0x00007fc901daf145 in lkowner_unparse (buf_len=2176, 
    buf=0x1f7aff0 "00000000471a2536-320000005fa3a797-ff7f000018000000-3000000020a4a797-ff7f000060a3a797-ff7f", '0' <repeats 12 times>, "-", '0' <repeats 16 times>, "-0000000050a1fe01-0000000070d4fc01-0000000088b2f301-0000000049652e36-32", '0' <repeats 11 times>..., lkowner=0x7fff97a7a330) at lkowner.h:43
43                      sprintf (&buf[j], "%02hhx", lkowner->data[i]);
(gdb) bt
#0  0x00007fc901daf145 in lkowner_unparse (buf_len=2176, 
    buf=0x1f7aff0 "00000000471a2536-320000005fa3a797-ff7f000018000000-3000000020a4a797-ff7f000060a3a797-ff7f", '0' <repeats 12 times>, "-", '0' <repeats 16 times>, "-0000000050a1fe01-0000000070d4fc01-0000000088b2f301-0000000049652e36-32", '0' <repeats 11 times>..., lkowner=0x7fff97a7a330) at lkowner.h:43
#1  lkowner_utoa (lkowner=lkowner@entry=0x7fff97a7a330) at common-utils.c:2177
#2  0x00007fc8f6e151c5 in pl_inodelk_log_cleanup (lock=0x7fff97a79e90) at inodelk.c:401
#3  pl_inodelk_client_cleanup (this=this@entry=0x1f85b30, ctx=ctx@entry=0x7fc8e8000e20) at inodelk.c:429
#4  0x00007fc8f6e12b82 in pl_client_disconnect_cbk (this=0x1f85b30, client=<optimized out>) at posix.c:2563
#5  0x00007fc901dea23d in gf_client_disconnect (client=client@entry=0x1feae10) at client_t.c:393
#6  0x00007fc8f5f60c28 in server_connection_cleanup (this=this@entry=0x1f8e4e0, client=client@entry=0x1feae10, flags=flags@entry=3) at server-helpers.c:353
#7  0x00007fc8f5f5babe in server_rpc_notify (rpc=<optimized out>, xl=0x1f8e4e0, event=<optimized out>, data=0x1fe8970) at server.c:531
#8  0x00007fc901b65d9f in rpcsvc_handle_disconnect (svc=0x1f9db20, trans=trans@entry=0x1fe8970) at rpcsvc.c:741
#9  0x00007fc901b65ec8 in rpcsvc_notify (trans=0x1fe8970, mydata=<optimized out>, event=<optimized out>, data=0x1fe8970) at rpcsvc.c:779
#10 0x00007fc901b68dc3 in rpc_transport_notify (this=this@entry=0x1fe8970, event=event@entry=RPC_TRANSPORT_DISCONNECT, data=data@entry=0x1fe8970) at rpc-transport.c:518
#11 0x00007fc8f7cb3962 in socket_event_poll_err (this=0x1fe8970) at socket.c:1161
#12 socket_event_handler (fd=<optimized out>, idx=6, data=data@entry=0x1fe8970, poll_in=1, poll_out=0, poll_err=<optimized out>) at socket.c:2354
#13 0x00007fc901dec232 in event_dispatch_epoll_handler (i=<optimized out>, events=0x1f7a0f0, event_pool=0x1f59ac0) at event-epoll.c:384
#14 event_dispatch_epoll (event_pool=0x1f59ac0) at event-epoll.c:445
#15 0x0000000000404ec9 in main (argc=19, argv=0x7fff97a7bb58) at glusterfsd.c:2052

The cause is that in pl_inode_client_cleanup() (frame #3) it traverses the inodelk_lockers list of the client, but the clear-locks command has not removed the lock from this list before destroying it. This causes an access to garbage contents that finally fails.
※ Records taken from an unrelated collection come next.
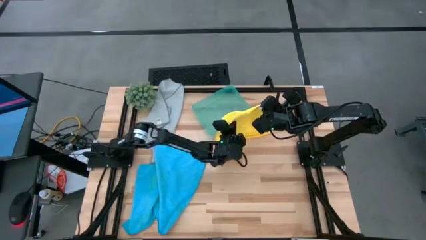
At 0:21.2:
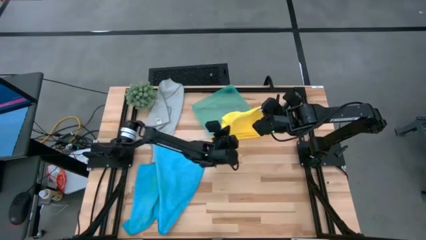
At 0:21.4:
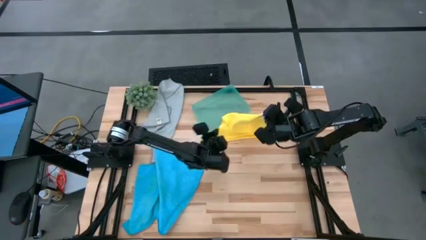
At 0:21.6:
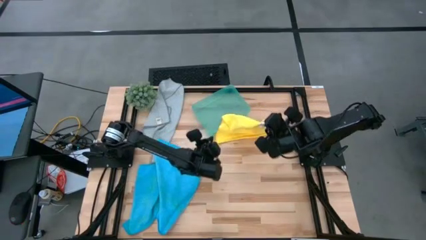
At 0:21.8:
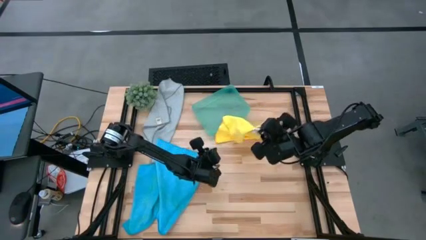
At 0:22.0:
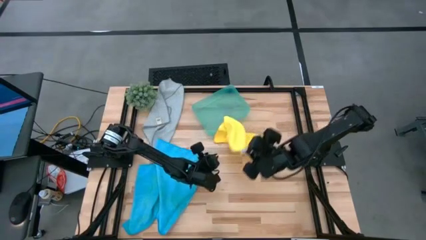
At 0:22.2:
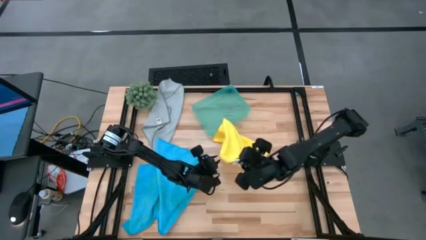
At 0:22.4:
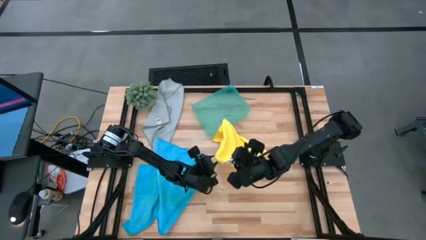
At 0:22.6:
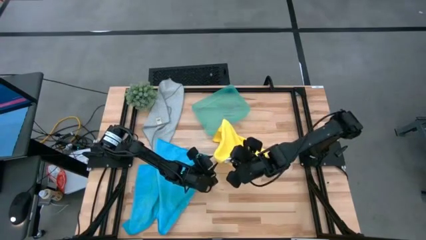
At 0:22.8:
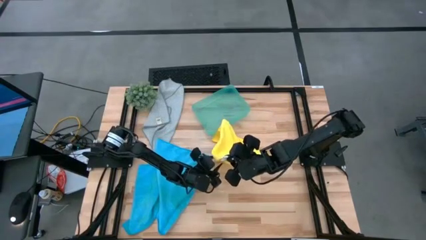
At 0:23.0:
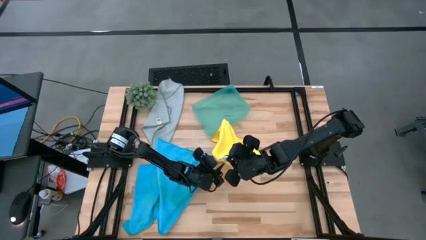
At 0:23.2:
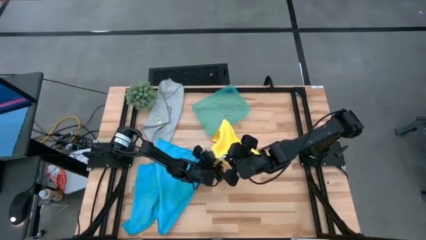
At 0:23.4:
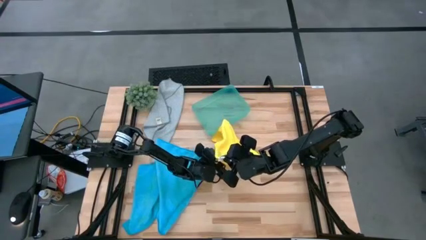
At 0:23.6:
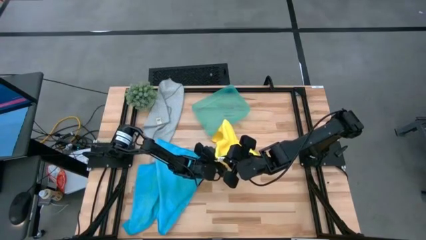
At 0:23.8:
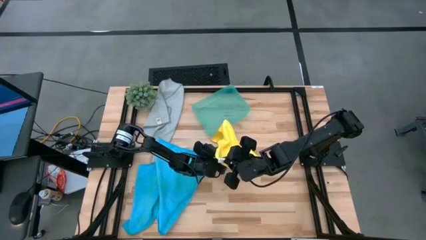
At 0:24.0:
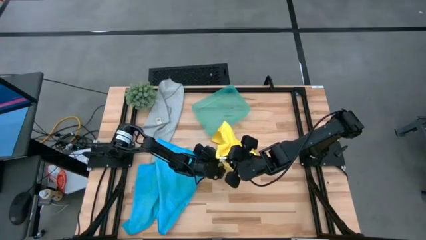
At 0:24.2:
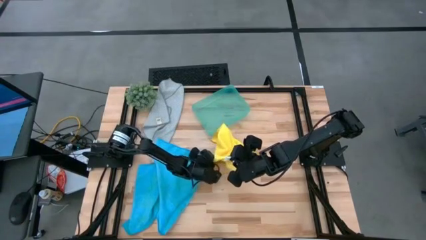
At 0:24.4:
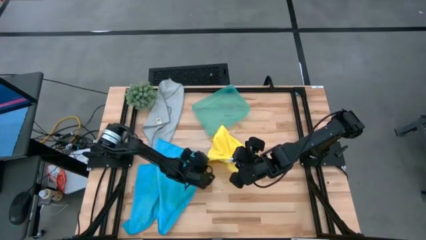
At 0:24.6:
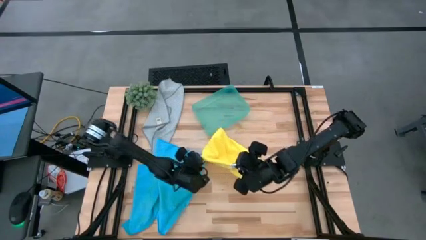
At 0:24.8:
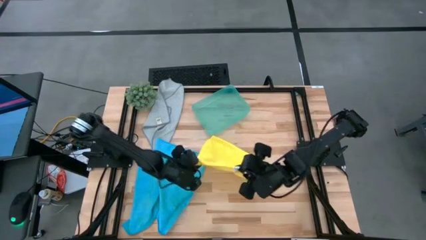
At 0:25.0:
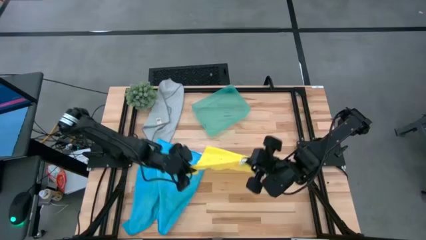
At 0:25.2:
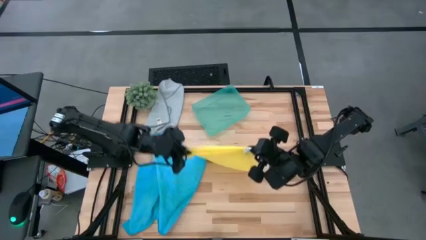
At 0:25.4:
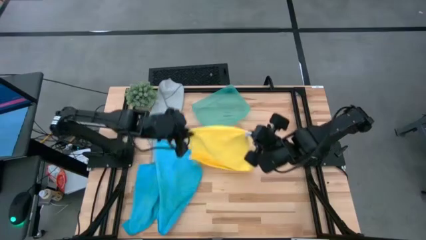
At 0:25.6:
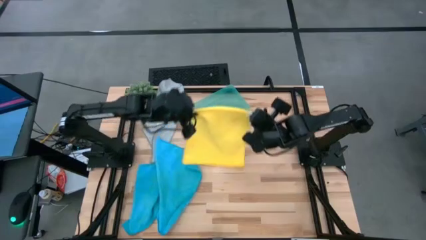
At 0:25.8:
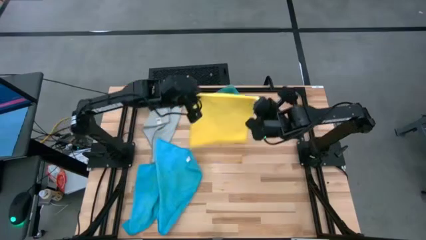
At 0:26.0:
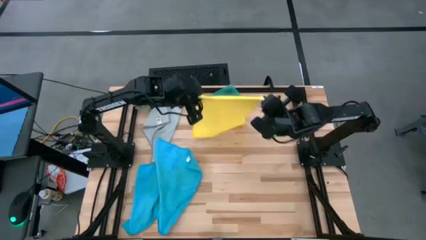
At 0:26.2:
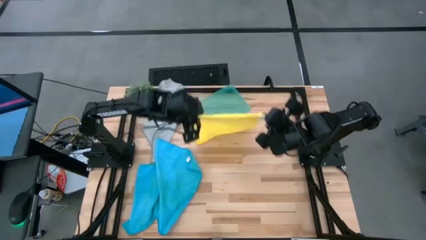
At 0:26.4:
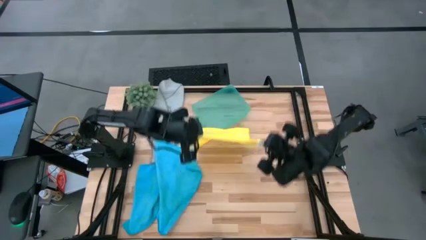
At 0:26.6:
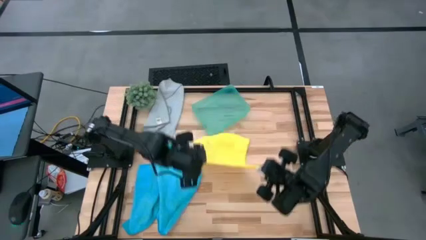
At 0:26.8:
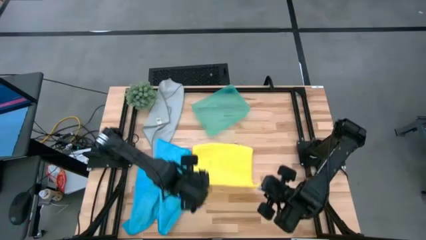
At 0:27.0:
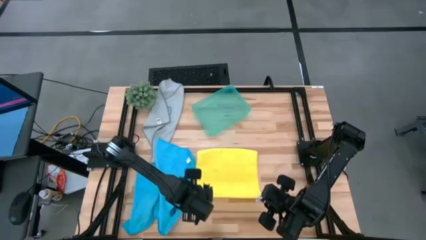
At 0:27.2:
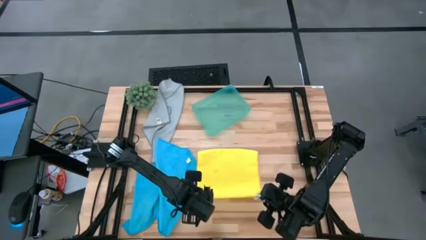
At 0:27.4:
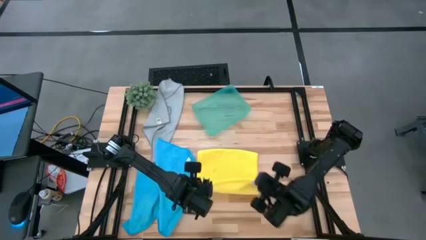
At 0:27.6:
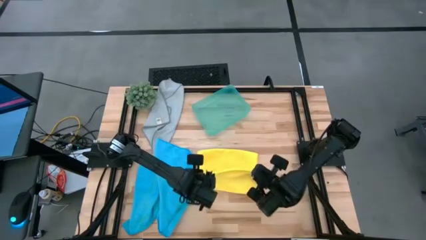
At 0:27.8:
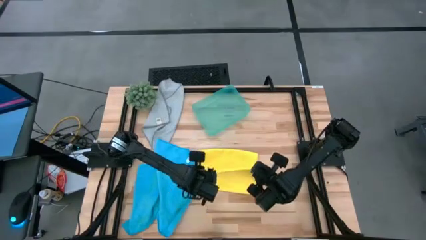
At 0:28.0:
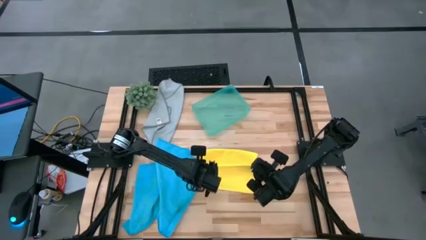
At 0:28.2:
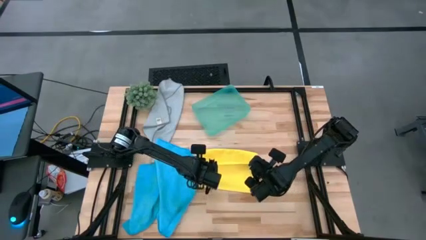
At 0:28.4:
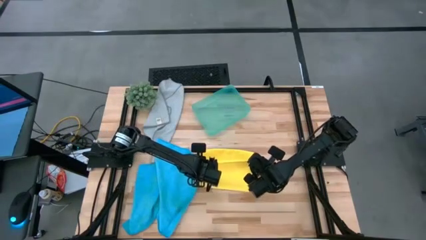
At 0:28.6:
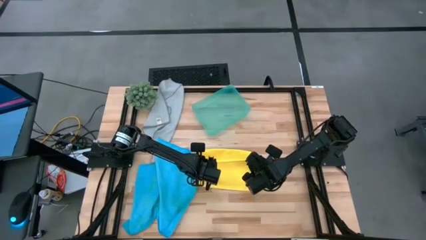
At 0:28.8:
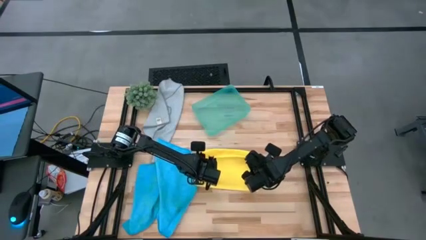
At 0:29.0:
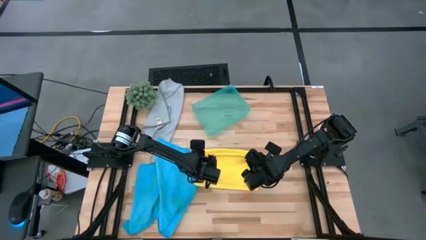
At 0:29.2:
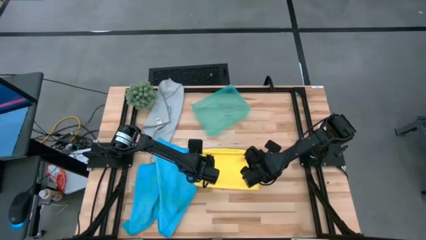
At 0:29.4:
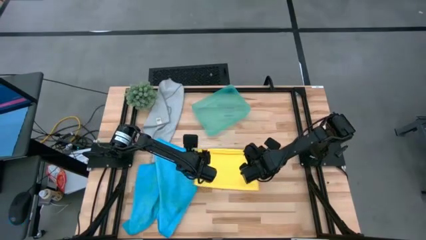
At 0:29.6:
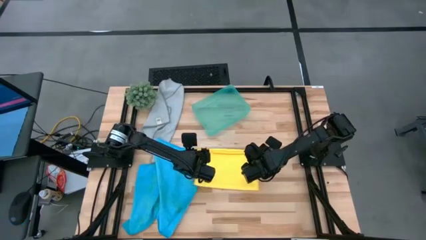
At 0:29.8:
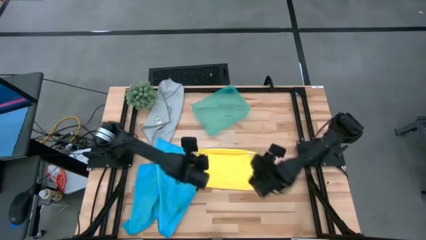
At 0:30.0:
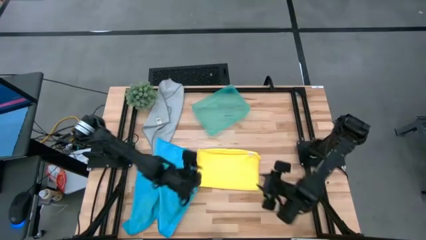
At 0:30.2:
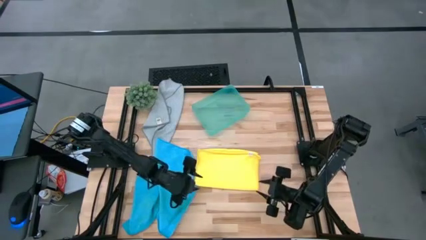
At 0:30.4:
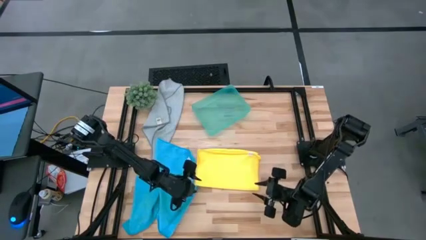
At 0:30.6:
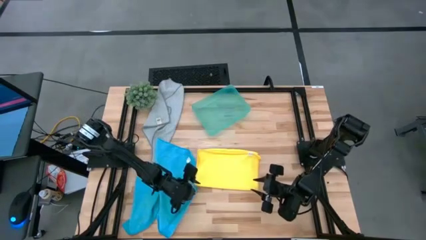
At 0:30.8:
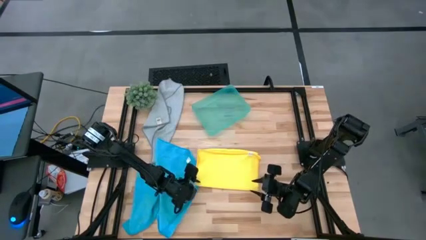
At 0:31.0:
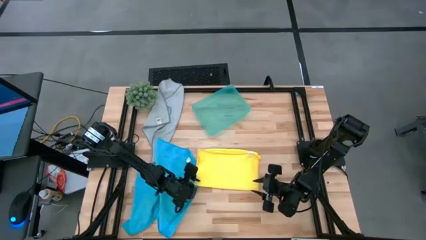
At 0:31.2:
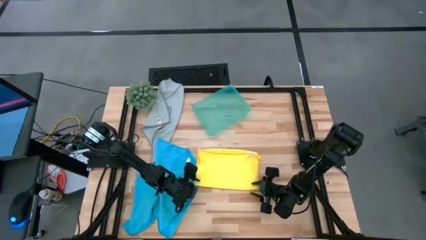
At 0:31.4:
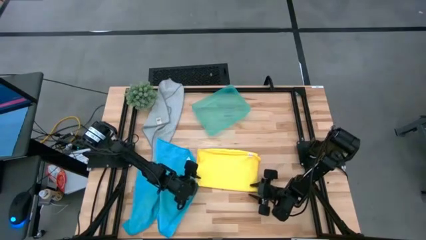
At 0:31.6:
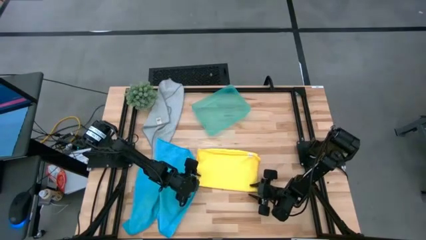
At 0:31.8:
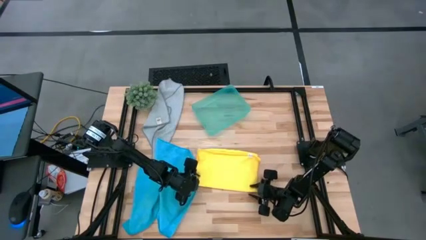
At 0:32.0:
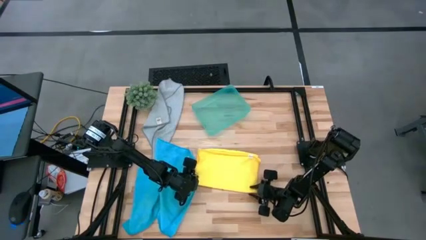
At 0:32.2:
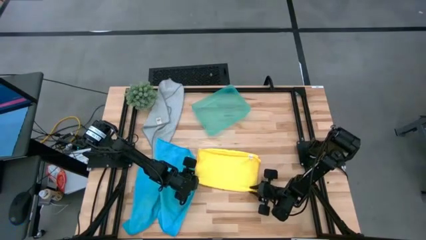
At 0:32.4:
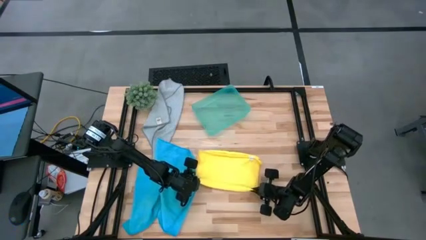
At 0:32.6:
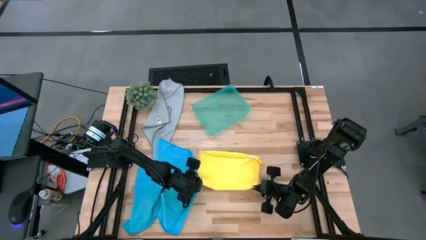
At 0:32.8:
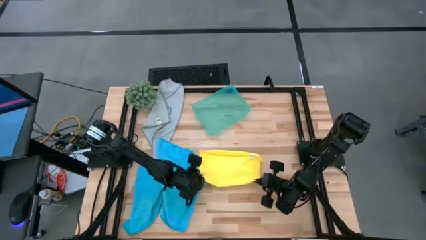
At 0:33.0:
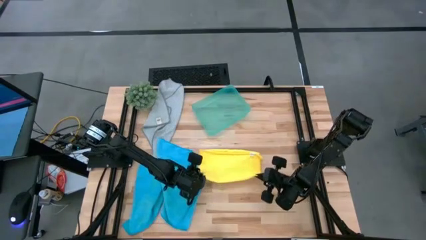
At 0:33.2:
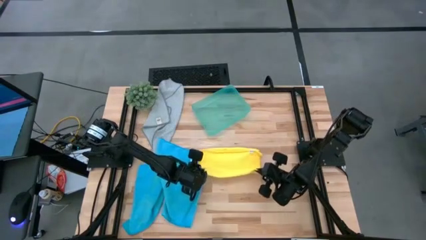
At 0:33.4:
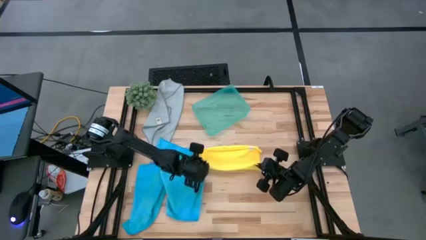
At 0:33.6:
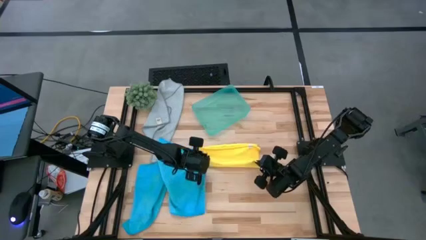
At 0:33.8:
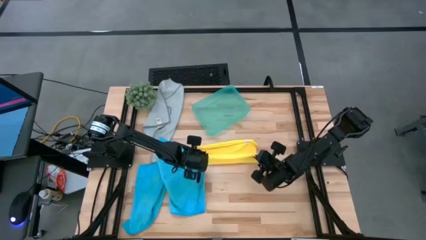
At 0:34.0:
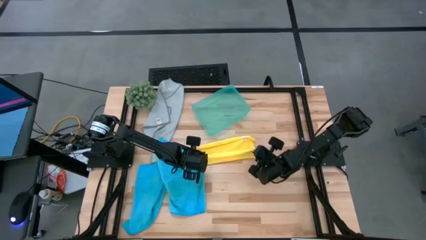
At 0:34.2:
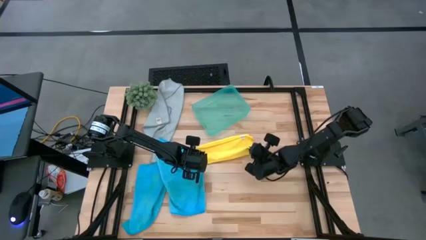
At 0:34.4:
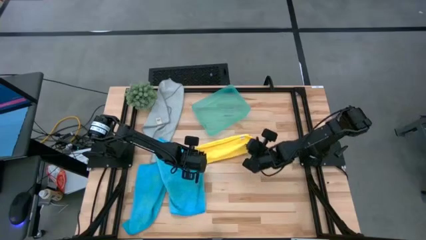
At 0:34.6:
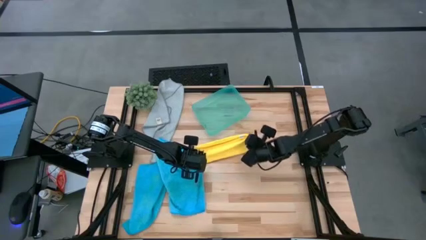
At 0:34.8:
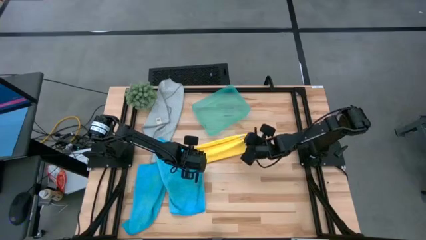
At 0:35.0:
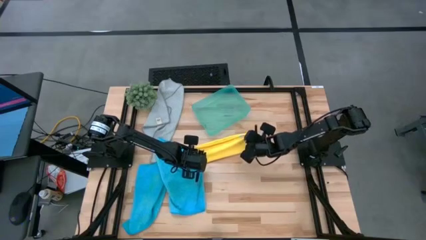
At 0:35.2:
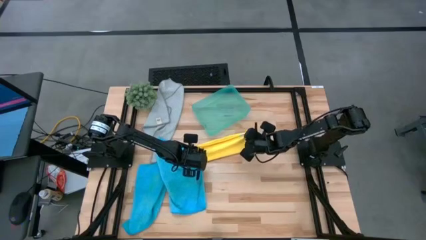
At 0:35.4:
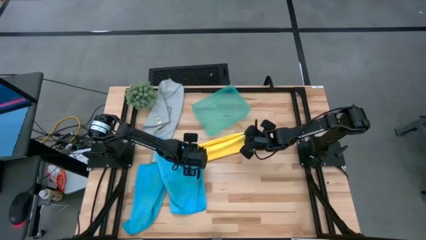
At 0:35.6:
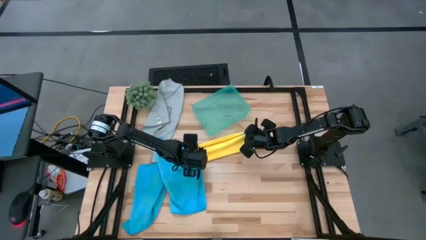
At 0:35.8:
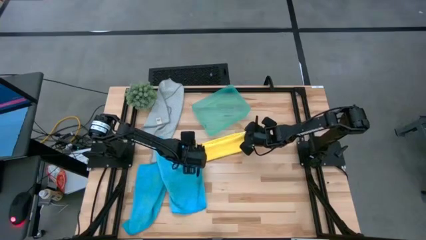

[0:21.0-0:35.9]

Comment 1 Pranith Kumar K 2016-02-22 07:50:43 UTC
*** Bug 1307146 has been marked as a duplicate of this bug. ***

Comment 2 Amar Tumballi 2018-08-29 03:53:50 UTC
Lot of time since no activity on this bug. We have either fixed it already or it is mostly not critical anymore!

Please re-open the bug if the issue is burning for you, or you want to take the bug to closure with fixes.